INFORMATION SHOWN:
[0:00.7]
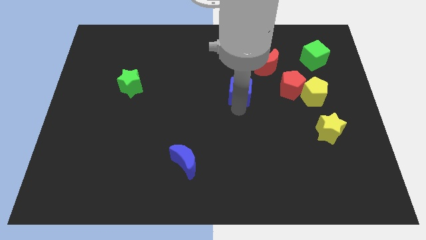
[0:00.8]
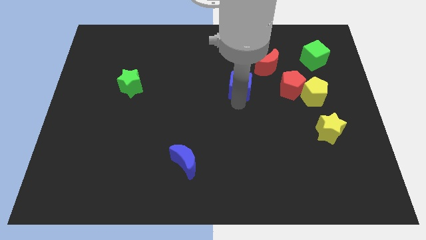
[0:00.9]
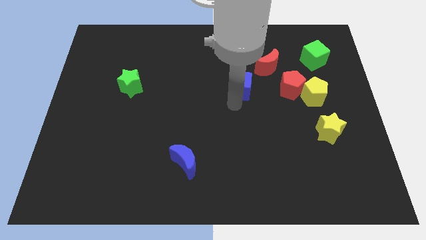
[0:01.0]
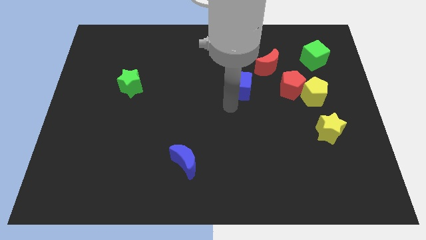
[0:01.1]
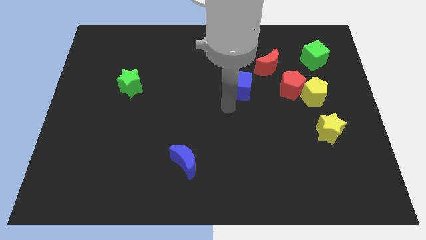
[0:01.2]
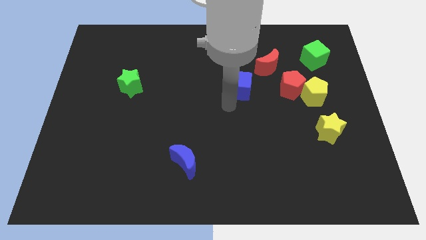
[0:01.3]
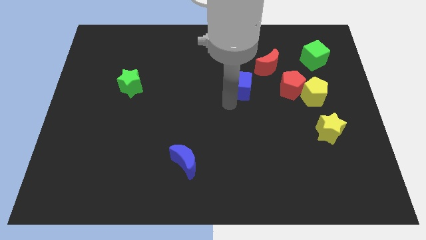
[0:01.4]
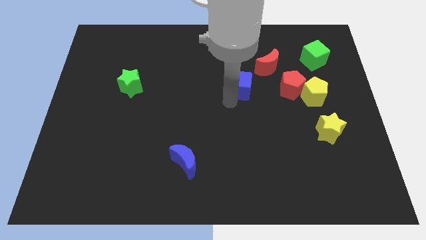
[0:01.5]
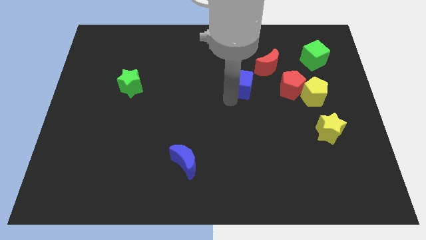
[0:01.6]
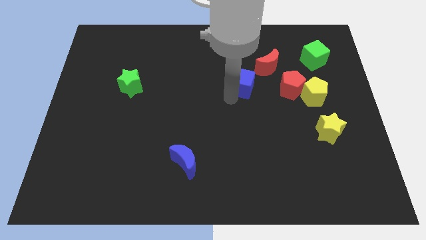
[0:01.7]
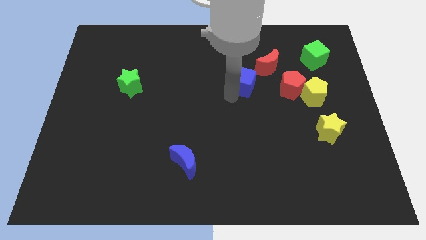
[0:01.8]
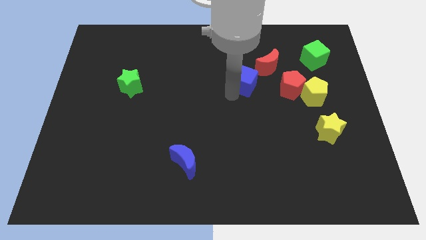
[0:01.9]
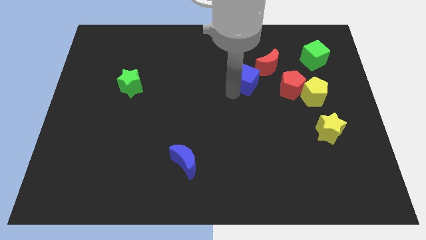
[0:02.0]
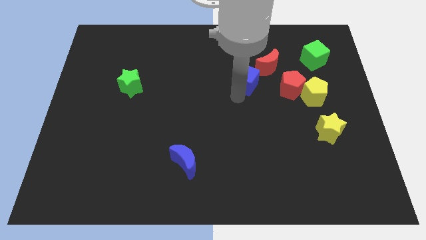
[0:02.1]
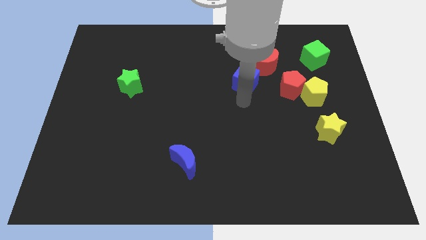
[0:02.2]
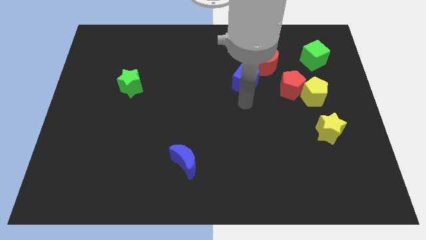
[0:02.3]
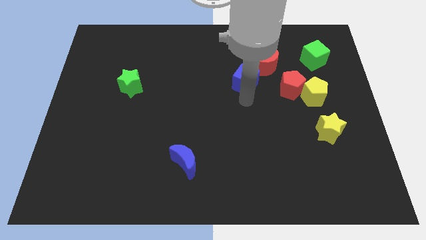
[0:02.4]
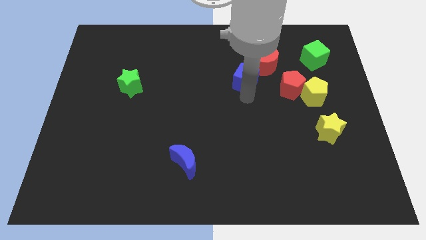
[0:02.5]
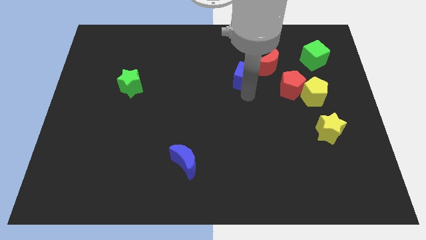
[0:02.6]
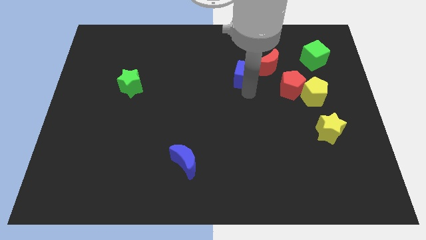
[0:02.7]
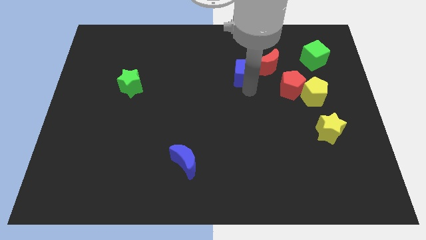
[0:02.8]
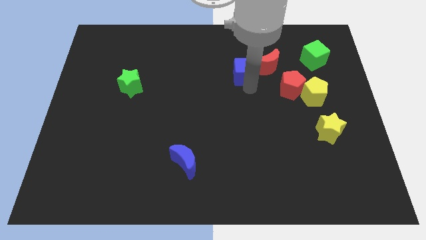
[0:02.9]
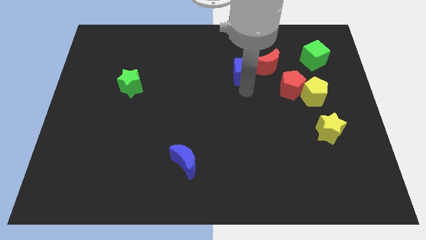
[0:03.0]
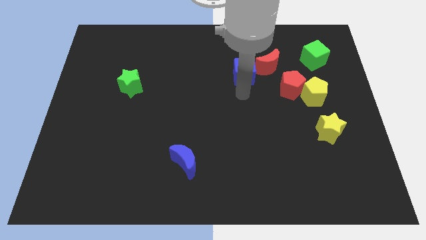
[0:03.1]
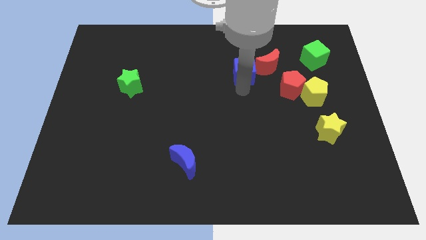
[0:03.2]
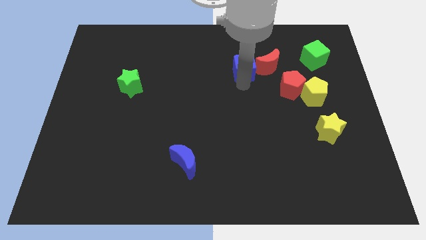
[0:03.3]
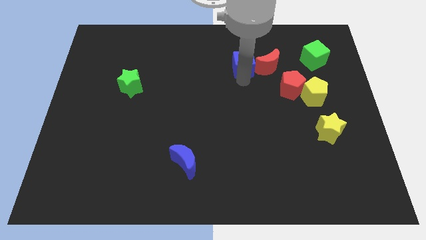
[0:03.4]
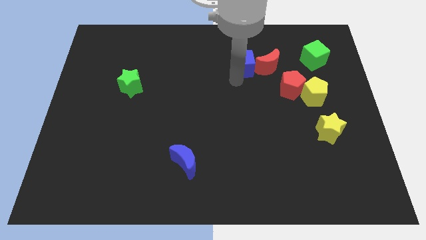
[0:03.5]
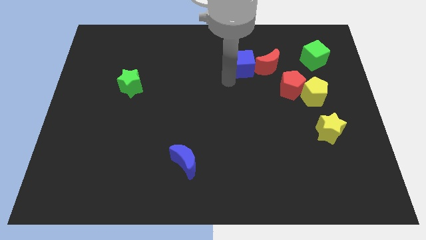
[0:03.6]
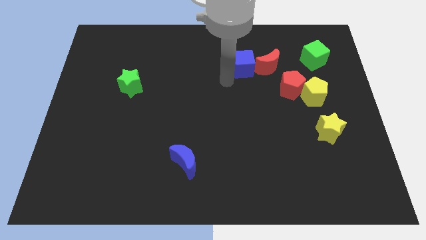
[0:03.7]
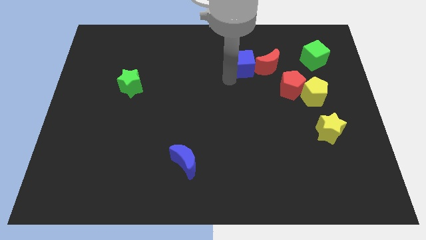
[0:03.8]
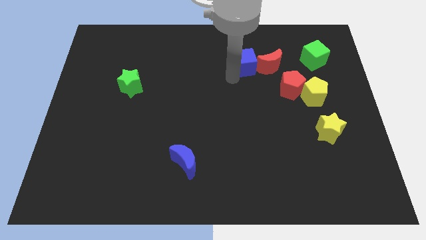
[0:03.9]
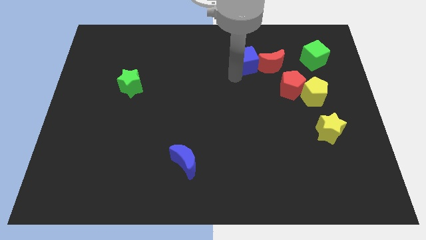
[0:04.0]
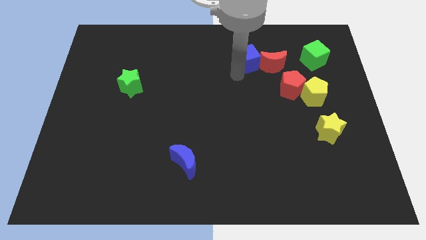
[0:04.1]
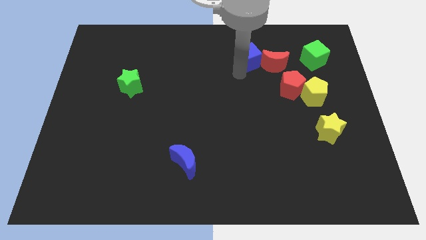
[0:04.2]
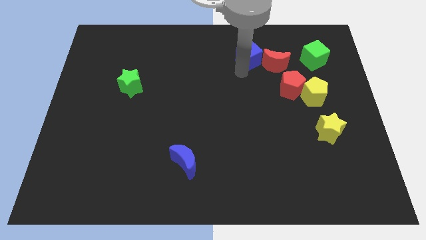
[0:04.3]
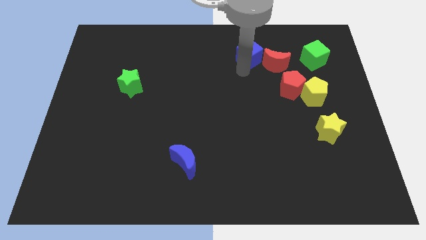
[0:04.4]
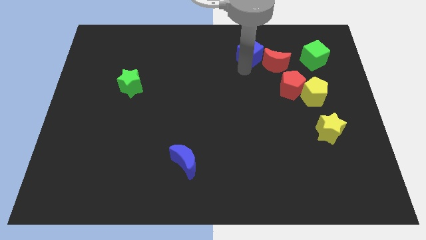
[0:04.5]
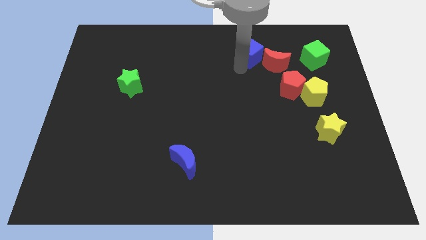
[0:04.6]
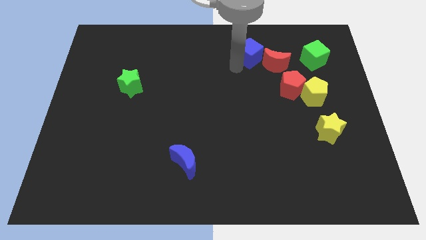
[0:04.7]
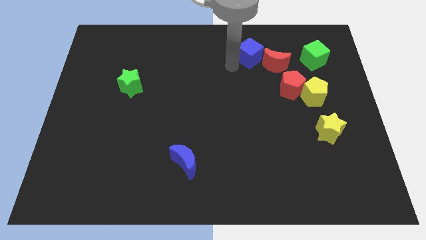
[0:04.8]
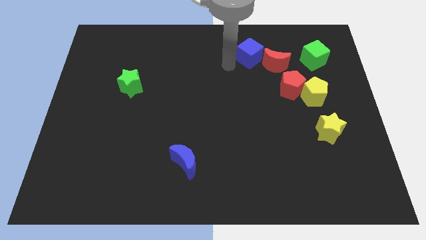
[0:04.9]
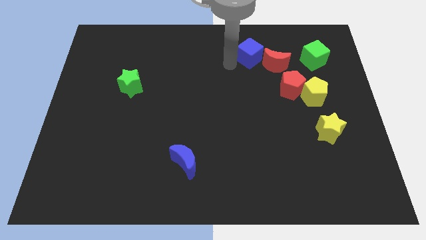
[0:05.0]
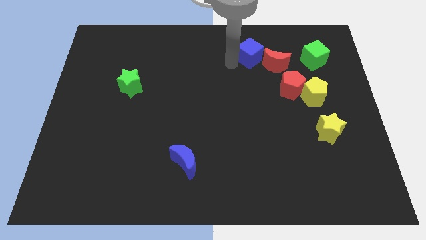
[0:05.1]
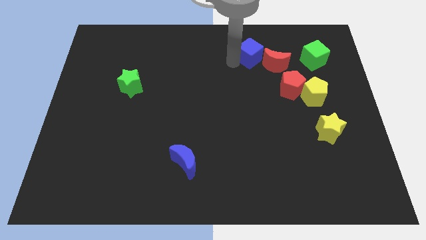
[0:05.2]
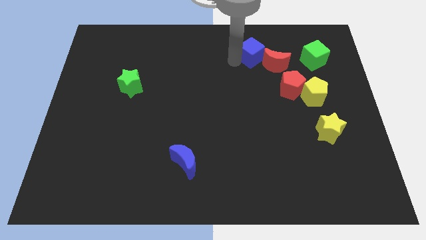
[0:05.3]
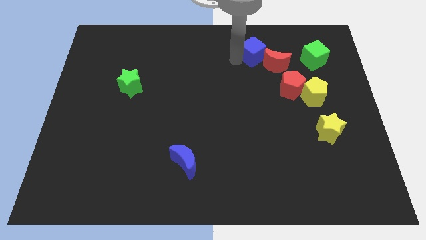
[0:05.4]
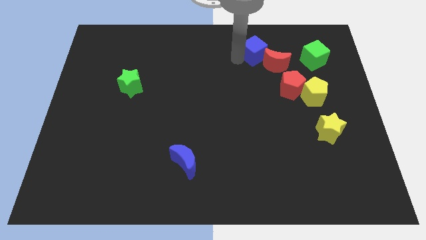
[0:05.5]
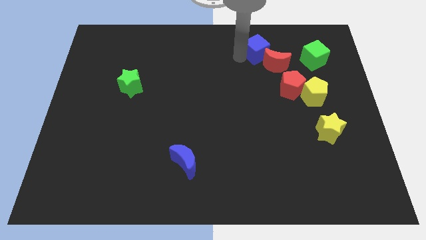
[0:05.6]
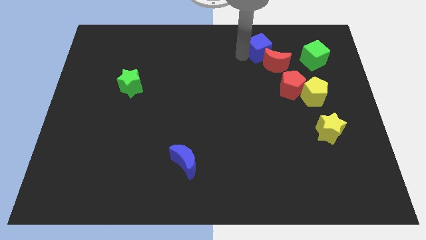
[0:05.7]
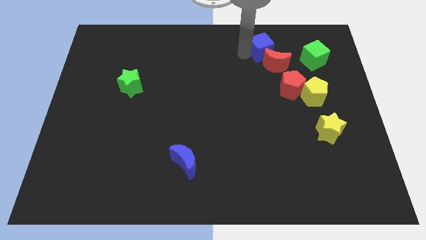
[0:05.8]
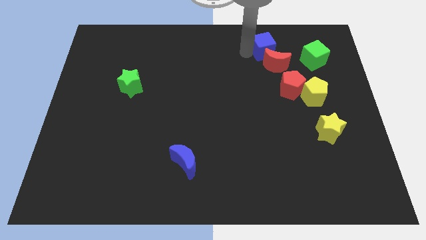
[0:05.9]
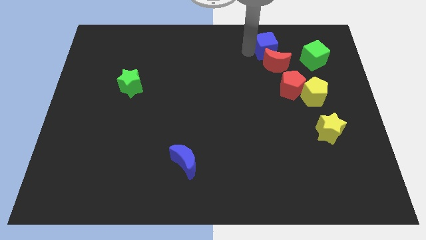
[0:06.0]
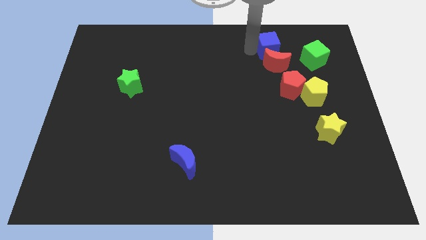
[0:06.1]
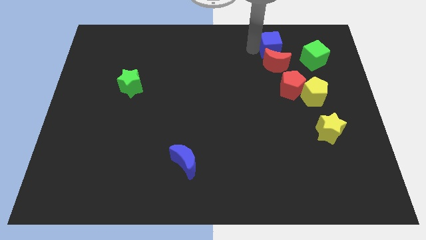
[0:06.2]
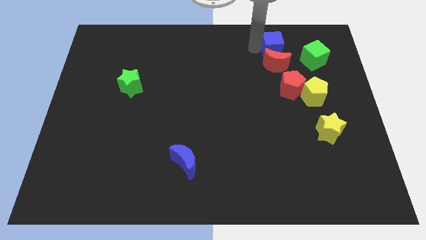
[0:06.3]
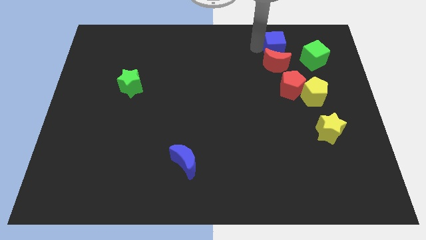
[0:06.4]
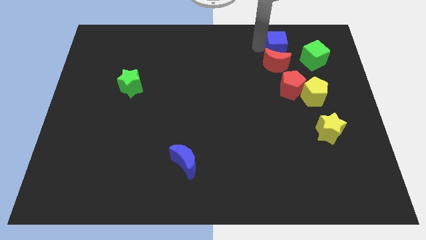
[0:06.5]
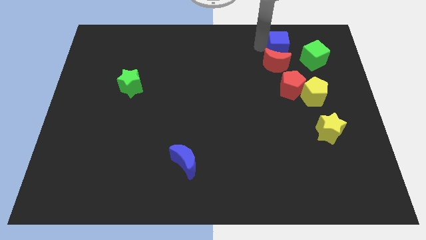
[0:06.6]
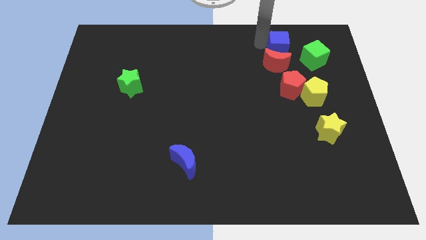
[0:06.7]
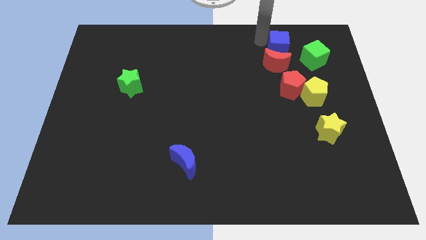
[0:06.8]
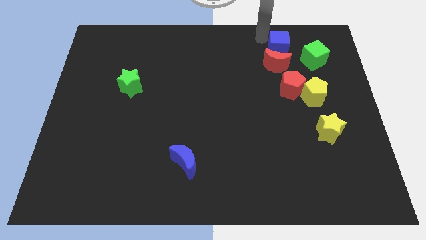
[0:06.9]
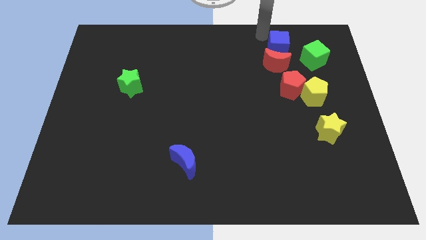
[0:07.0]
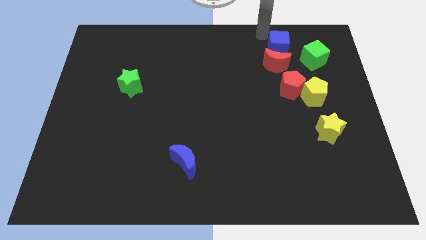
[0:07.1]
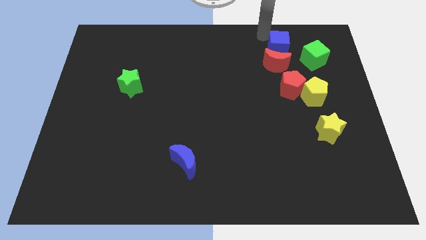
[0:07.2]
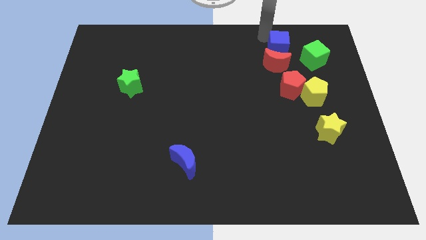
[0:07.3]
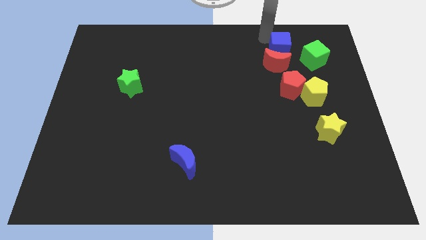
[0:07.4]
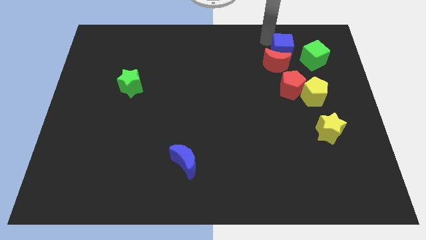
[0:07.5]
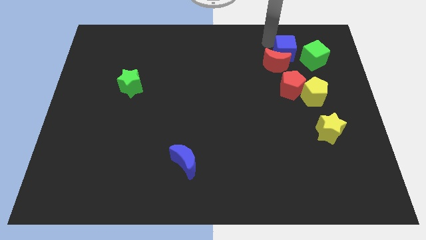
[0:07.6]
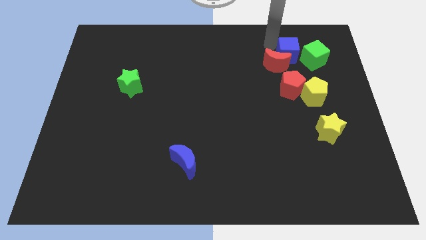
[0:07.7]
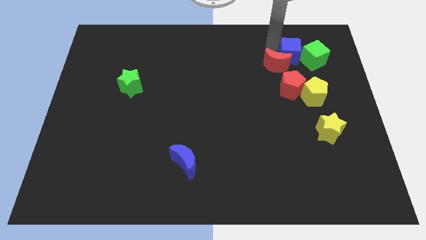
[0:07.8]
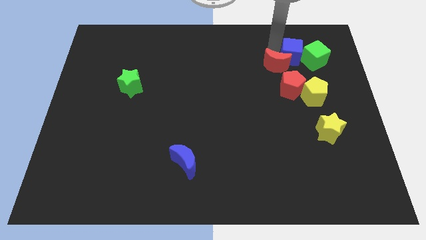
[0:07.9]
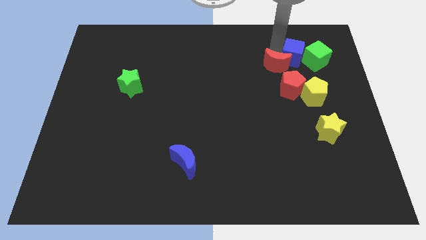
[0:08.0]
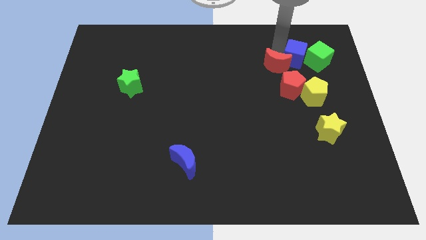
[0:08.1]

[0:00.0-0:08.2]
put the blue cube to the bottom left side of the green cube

WHAT TO WORK ON: Output each record above exactly as written. Skip any pictures.

ANSWER TO THIS TASK:
[0:00.7]
[0:00.8]
[0:00.9]
[0:01.0]
[0:01.1]
[0:01.2]
[0:01.3]
[0:01.4]
[0:01.5]
[0:01.6]
[0:01.7]
[0:01.8]
[0:01.9]
[0:02.0]
[0:02.1]
[0:02.2]
[0:02.3]
[0:02.4]
[0:02.5]
[0:02.6]
[0:02.7]
[0:02.8]
[0:02.9]
[0:03.0]
[0:03.1]
[0:03.2]
[0:03.3]
[0:03.4]
[0:03.5]
[0:03.6]
[0:03.7]
[0:03.8]
[0:03.9]
[0:04.0]
[0:04.1]
[0:04.2]
[0:04.3]
[0:04.4]
[0:04.5]
[0:04.6]
[0:04.7]
[0:04.8]
[0:04.9]
[0:05.0]
[0:05.1]
[0:05.2]
[0:05.3]
[0:05.4]
[0:05.5]
[0:05.6]
[0:05.7]
[0:05.8]
[0:05.9]
[0:06.0]
[0:06.1]
[0:06.2]
[0:06.3]
[0:06.4]
[0:06.5]
[0:06.6]
[0:06.7]
[0:06.8]
[0:06.9]
[0:07.0]
[0:07.1]
[0:07.2]
[0:07.3]
[0:07.4]
[0:07.5]
[0:07.6]
[0:07.7]
[0:07.8]
[0:07.9]
[0:08.0]
[0:08.1]

[0:00.0-0:08.2]
put the blue cube to the bottom left side of the green cube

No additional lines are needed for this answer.